Unmet needs were identified in 82 patients (55%). The most common referrals were ST (43%) and neuropsychology (54%), paralleling the most common impairments (Table 2, Figure 3). Overall, sixty-eight (76% of school-age children) had returned to school by the first ABI clinic visit, 38 of whom had an individualized learning plan. Thirty-three (37% of school-age children) were referred to BrainSTEPS, a non-profit state program whose mission is to facilitate return to school participation for children with newly acquired brain injury.

Figure 3.

Unmet needs, defined as new referrals for functional sequelae identified at initial ABI clinic visit, by mild, moderate, and severe TBI groups. ABI, acquired brain injury; TBI, traumatic brain injury; GCS, Glasgow Coma Scale; PT, physical therapy; OT, occupational therapy; ST, speech therapy, BH, behavioral health.

Altogether, social work and behavioral health specialists identified many unmet psychosocial needs at the initial ABI clinic visit (Table 2). Social work professionals were paged for consultation in 33% of patient visits, and 32% of the patients saw behavioral health providers at their first clinic, with 21 (14%) new referrals made to behavioral health outpatient services. School issues, grief, mood and post-traumatic stress, sleep, and family issues were prominent concerns. In response, referrals were made for cognitive behavioral therapy, outpatient psychotherapy, visual assessments, early intervention, and confirmation of medical decision makers, along with documentation to communicate needs to the child's school or primary care provider.
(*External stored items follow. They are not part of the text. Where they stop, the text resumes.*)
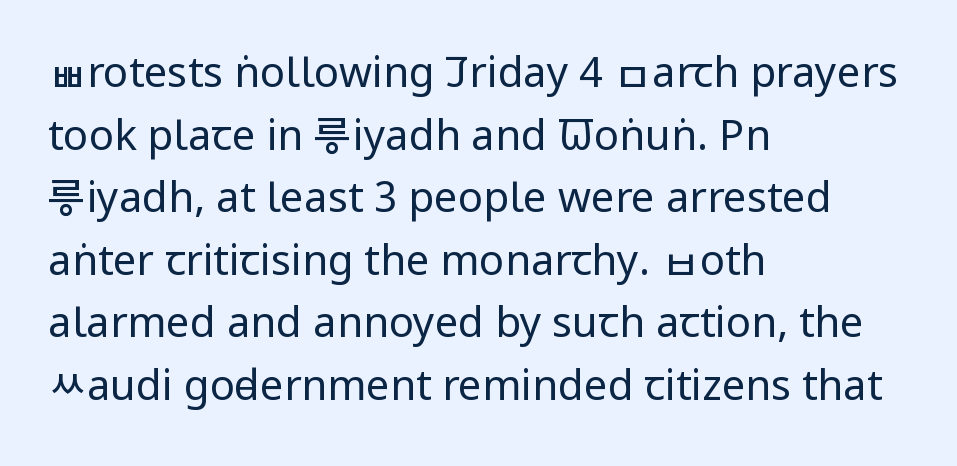
Q: Is the text bold? A: No.
Q: Is the text italic (slanted)? A: No, it is upright.
Q: Is the typeface a serif or a sans-serif typeface? A: Sans-serif.
Q: Is the text underlined? A: No.
Q: How is the paragraph aligned? A: Left-aligned.
Q: Is the spacing between letters normal or unusually wide? A: Normal.
Q: Is the spacing between lines tight, normal or loose? A: Normal.
Q: Width (condensed, normal, or wide)? A: Condensed.
Q: Stroke contrast? A: Low.
Q: x-height? A: Large.
Q: Monospaced? A: No.
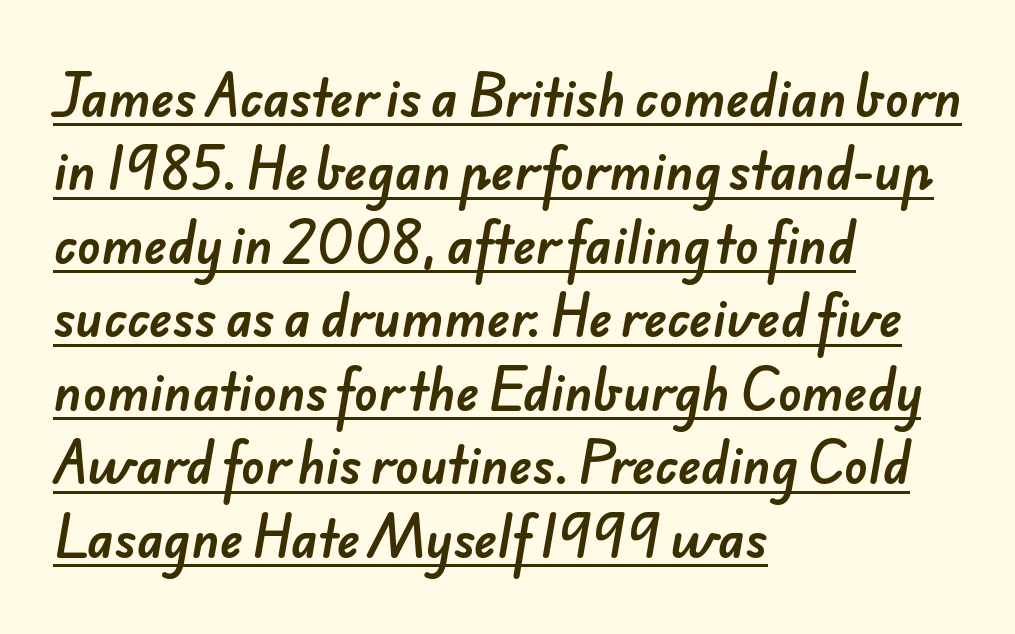
One glance says typical: line gaps are just what's usual. Words appear dense and cohesive because spacing is normal. Is there an underline? Yes — a line sits under the letters. Casual observation: everything's shoved over to the left. The glyphs in this specimen are sans serif. Think of a printed novel: that variable character pitch is what you see here.
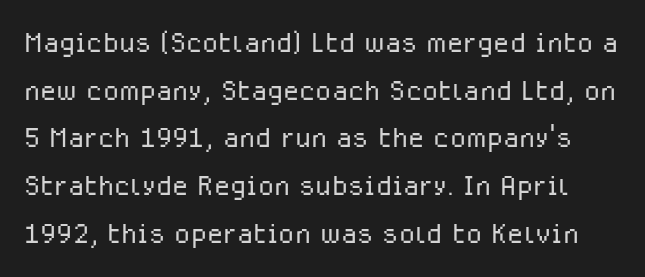
Q: Is the text bold? A: No.
Q: Is the text italic (slanted)? A: No, it is upright.
Q: Is the typeface a serif or a sans-serif typeface? A: Sans-serif.
Q: Is the text underlined? A: No.
Q: Is the spacing between letters normal or unusually wide? A: Normal.
Q: Is the spacing between lines tight, normal or loose? A: Normal.
Q: Width (condensed, normal, or wide)? A: Normal.
Q: Stroke contrast? A: Low.
Q: x-height? A: Medium.
Q: Monospaced? A: No.
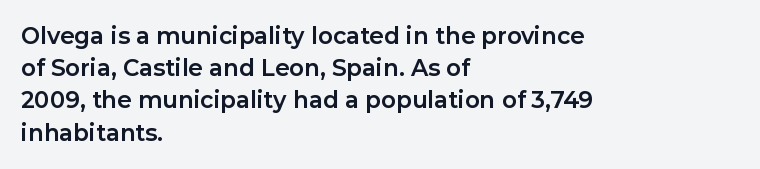
{"italic": "no", "bold": "yes", "underline": "no", "align": "left", "line_spacing": "normal", "line_spacing_ratio": 1.4, "letter_spacing": "normal", "letter_spacing_em": 0.0, "glyph_px": 23}
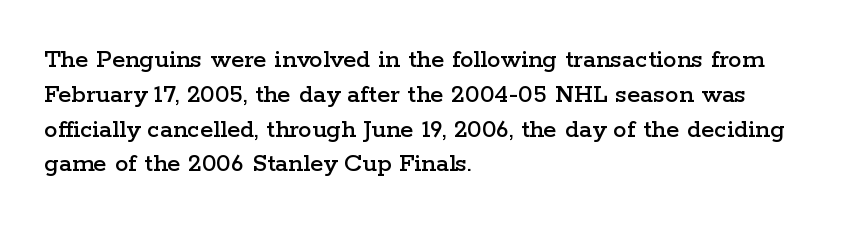
{"italic": "no", "underline": "no", "align": "left", "line_spacing": "normal", "line_spacing_ratio": 1.29, "letter_spacing": "normal", "letter_spacing_em": 0.0, "glyph_px": 27}
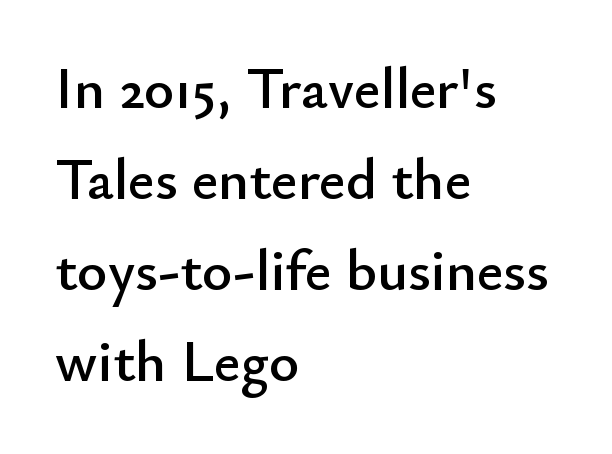
Line starts are locked; line ends wander. Descenders are the only things crossing below the line. The passage shown is typed in a proportional face where columns would drift. If you drew a line through each stem, it would be perfectly vertical. There is no visible air inserted between adjacent glyphs.
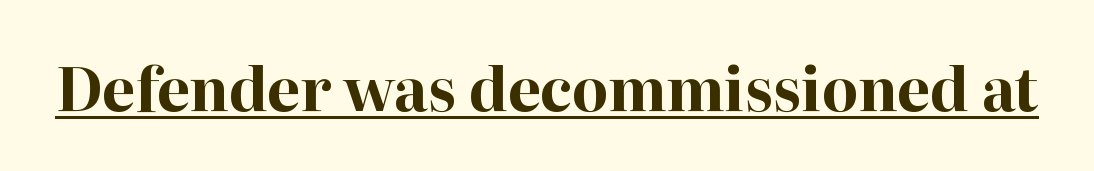
{"serif": "yes", "italic": "no", "bold": "yes", "weight": "bold", "width": "normal", "stroke_contrast": "high", "x_height": "medium", "monospaced": "no", "underline": "yes", "letter_spacing": "normal", "letter_spacing_em": 0.0, "glyph_px": 59}
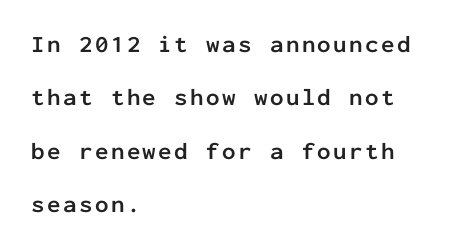
Has an underline been added? It has not. Tall strokes in this sample are plumb rather than angled. The letters are bold, with thick, heavy strokes. Line beginnings align vertically; line endings do not. Summary of vertical rhythm: relaxed, with wide interline spacing.
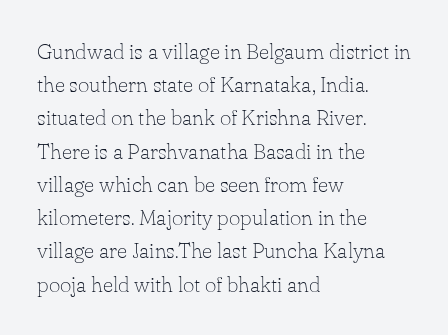
Q: Is the text bold? A: No.
Q: Is the text italic (slanted)? A: No, it is upright.
Q: Is the text underlined? A: No.
Q: How is the paragraph aligned? A: Left-aligned.
Q: Is the spacing between letters normal or unusually wide? A: Normal.
Q: Is the spacing between lines tight, normal or loose? A: Normal.
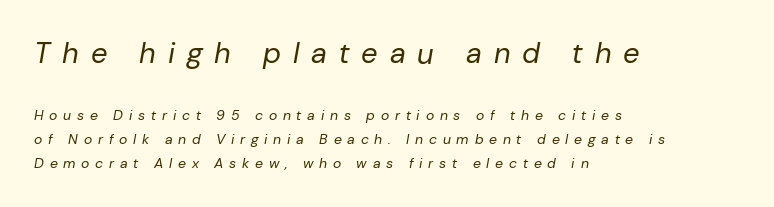
Q: Is the text bold? A: No.
Q: Is the text italic (slanted)? A: Yes, it leans right by about 10 degrees.
Q: Is the text underlined? A: No.
Q: How is the paragraph aligned? A: Left-aligned.
Q: Is the spacing between letters normal or unusually wide? A: Unusually wide.
Q: Is the spacing between lines tight, normal or loose? A: Normal.
Q: Which block of text is set in a larger size, the first (top) or the second (bottom)? A: The first (top) one.
Q: Width (condensed, normal, or wide)? A: Normal.
Q: Stroke contrast? A: Low.
Q: x-height? A: Medium.
Q: Monospaced? A: No.
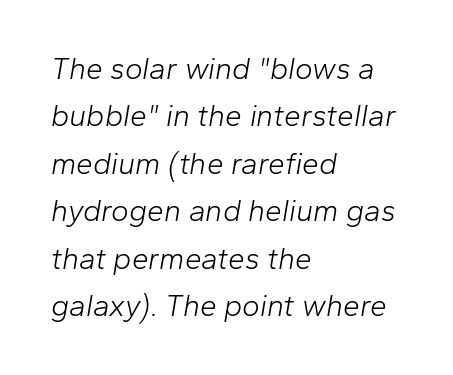
Left-aligned paragraph, ragged on the right. The words here are not underlined. The leading is moderate, giving the passage an even texture. In terms of letterspacing, this is plain default setting. Weight: regular or lighter. This sample has the flowing, uneven cadence of proportional lettering.
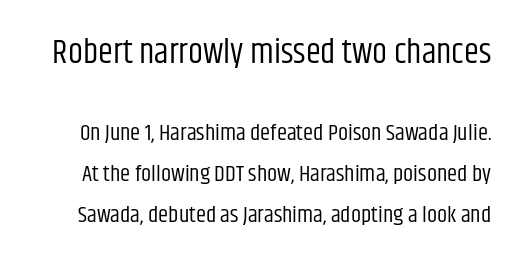
{"serif": "no", "italic": "no", "bold": "no", "weight": "regular", "width": "condensed", "stroke_contrast": "low", "x_height": "large", "monospaced": "no", "underline": "no", "line_spacing_ratio": 1.78, "letter_spacing": "normal", "letter_spacing_em": 0.0, "larger_block": "first", "size_ratio": 1.48, "glyph_px": 34}
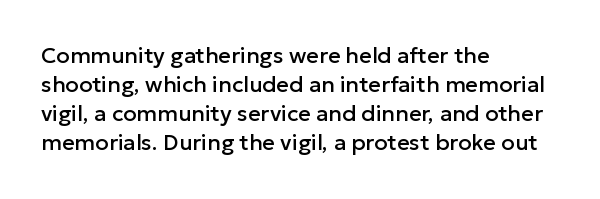
{"italic": "no", "underline": "no", "align": "left", "line_spacing": "normal", "line_spacing_ratio": 1.32, "letter_spacing": "normal", "letter_spacing_em": 0.0, "glyph_px": 22}
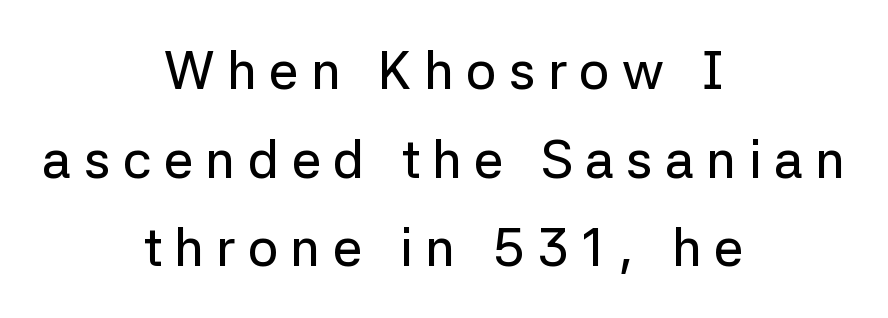
Glance below the letters and you will spot only blank space. Does the type have serifs? No, each stem ends abruptly. A typesetter would call this proportional, since set widths differ per character. Someone cranked the tracking dial way up on this one. Each new line begins a customary step beneath the previous one. Unlike italic type, these characters show no tilt at all.
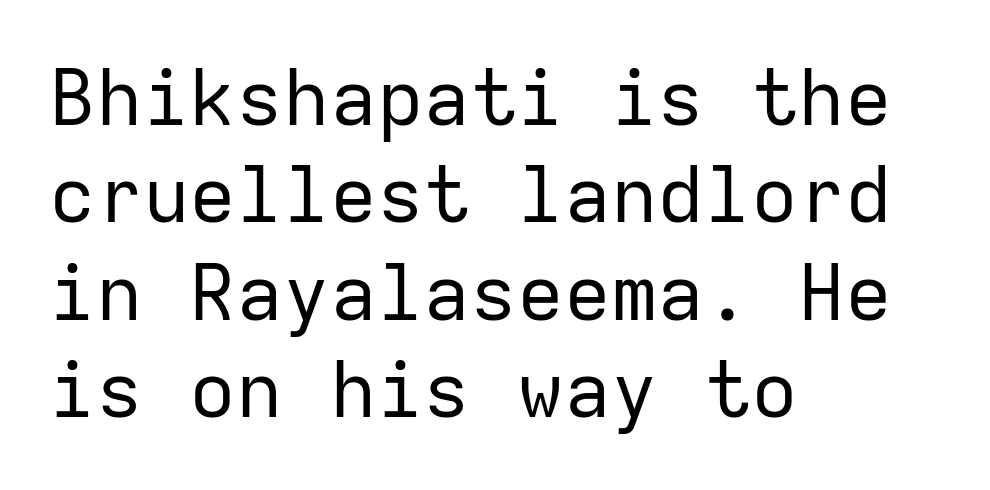
Q: Is the text bold? A: No.
Q: Is the text italic (slanted)? A: No, it is upright.
Q: Is the typeface a serif or a sans-serif typeface? A: Sans-serif.
Q: Is the text underlined? A: No.
Q: How is the paragraph aligned? A: Left-aligned.
Q: Is the spacing between letters normal or unusually wide? A: Normal.
Q: Is the spacing between lines tight, normal or loose? A: Normal.
Q: Width (condensed, normal, or wide)? A: Normal.
Q: Stroke contrast? A: Low.
Q: x-height? A: Medium.
Q: Monospaced? A: Yes.
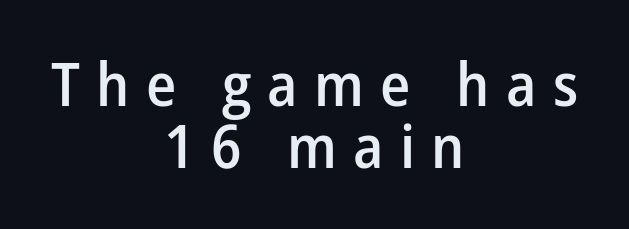
{"serif": "no", "italic": "no", "bold": "semi", "weight": "semibold", "width": "normal", "stroke_contrast": "low", "x_height": "medium", "monospaced": "no", "underline": "no", "align": "center", "line_spacing": "tight", "line_spacing_ratio": 1.04, "letter_spacing": "wide", "letter_spacing_em": 0.27, "glyph_px": 60}
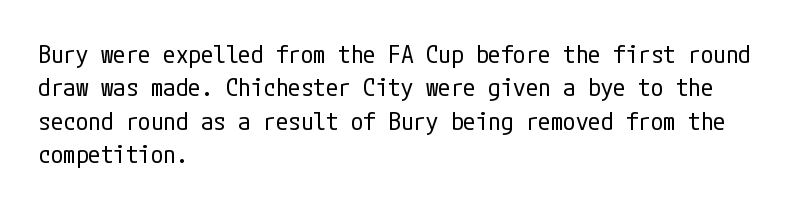
The image shows 25 px text type, upright; set left-aligned, normal line spacing (1.34x), normal letter spacing, not underlined.
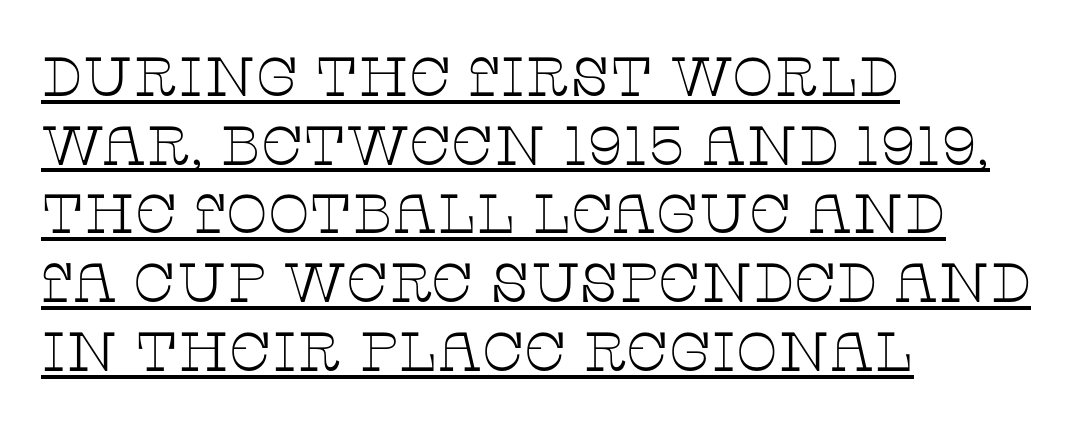
Q: Is the text bold? A: No.
Q: Is the text italic (slanted)? A: No, it is upright.
Q: Is the typeface a serif or a sans-serif typeface? A: Serif.
Q: Is the text underlined? A: Yes.
Q: How is the paragraph aligned? A: Left-aligned.
Q: Is the spacing between letters normal or unusually wide? A: Normal.
Q: Is the spacing between lines tight, normal or loose? A: Normal.
Q: Width (condensed, normal, or wide)? A: Wide.
Q: Stroke contrast? A: Low.
Q: x-height? A: Large.
Q: Monospaced? A: No.
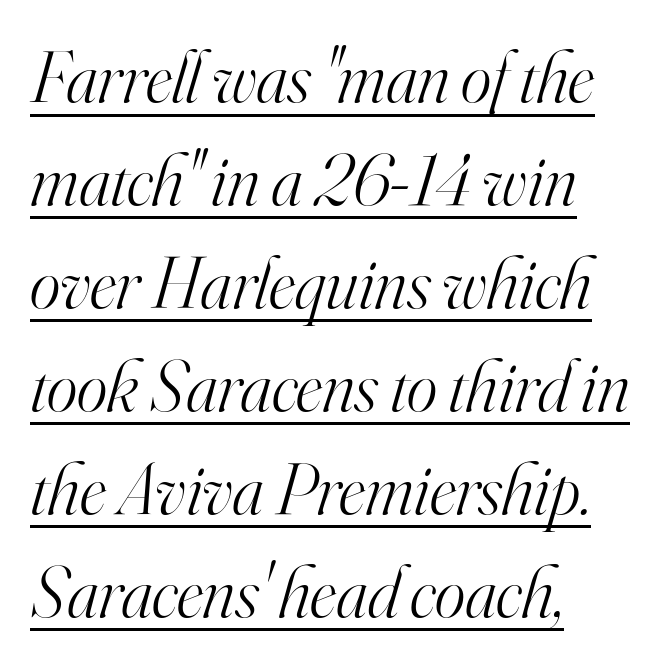
{"serif": "yes", "italic": "yes", "lean": "right", "slant_degrees": 16, "bold": "no", "weight": "light", "width": "normal", "stroke_contrast": "high", "x_height": "small", "monospaced": "no", "underline": "yes", "align": "left", "line_spacing": "normal", "line_spacing_ratio": 1.41, "letter_spacing": "normal", "letter_spacing_em": 0.0, "glyph_px": 73}
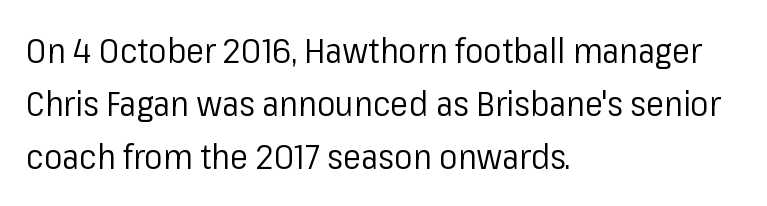
The image shows 34 px regular-weight sans-serif type, upright; set left-aligned, normal line spacing (1.56x), normal letter spacing, not underlined; low stroke contrast and a medium x-height.
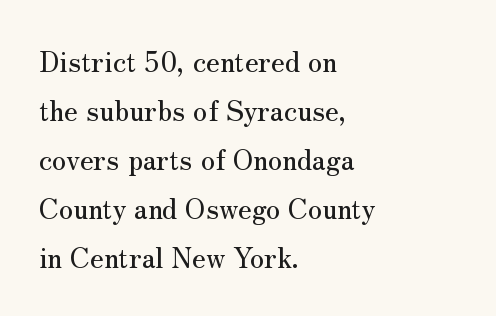
The image shows 28 px serif type, upright; set left-aligned, line spacing 1.75x, normal letter spacing, not underlined; medium stroke contrast and a small x-height.
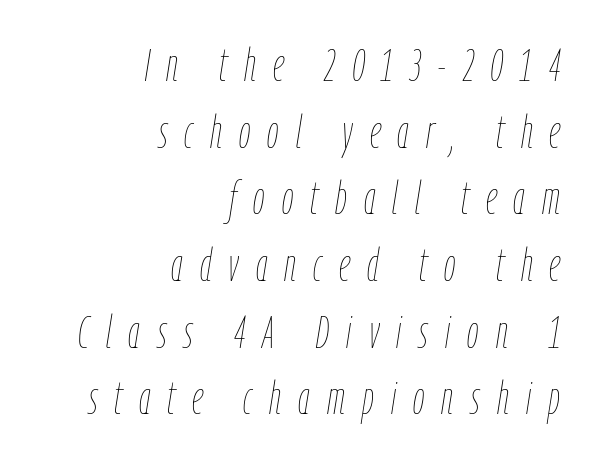
{"italic": "yes", "lean": "right", "slant_degrees": 9, "bold": "no", "weight": "thin", "width": "condensed", "stroke_contrast": "low", "x_height": "medium", "monospaced": "no", "underline": "no", "align": "right", "line_spacing": "normal", "line_spacing_ratio": 1.45, "letter_spacing": "wide", "letter_spacing_em": 0.37, "glyph_px": 46}
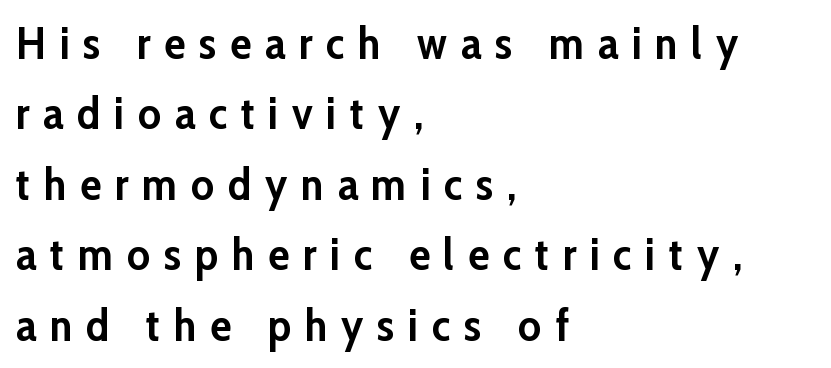
{"serif": "no", "italic": "no", "bold": "yes", "weight": "semibold", "width": "normal", "stroke_contrast": "low", "x_height": "medium", "monospaced": "no", "underline": "no", "align": "left", "line_spacing": "normal", "line_spacing_ratio": 1.6, "letter_spacing": "wide", "letter_spacing_em": 0.31, "glyph_px": 44}

Secondary outcome: days to rehabilitation consultations and discharge disposition

Fewer days to acute hospital consultation of PT (odds ratio [95% confidence interval], 0.68 [0.58–0.83], p < .001), OT (0.74 [0.62–0.89], p = .001), ST (0.78 [0.69–0.89], p < .001) and PM&R (0.84 [0.74–0.94], p = .004) were associated with home discharge disposition (Table 3). Thus, each day that lapsed without first PT session was associated with a decrease of 32% in odds of being discharged home.

Table 3.

Multivariable logistic regression for the association of days to each of four types of rehabilitation service consultations and hospital disposition to home. The entire cohort model was adjusted using initial motor GCS; the PICU only model was adjusted using PELOD-2 score and ICP monitoring status.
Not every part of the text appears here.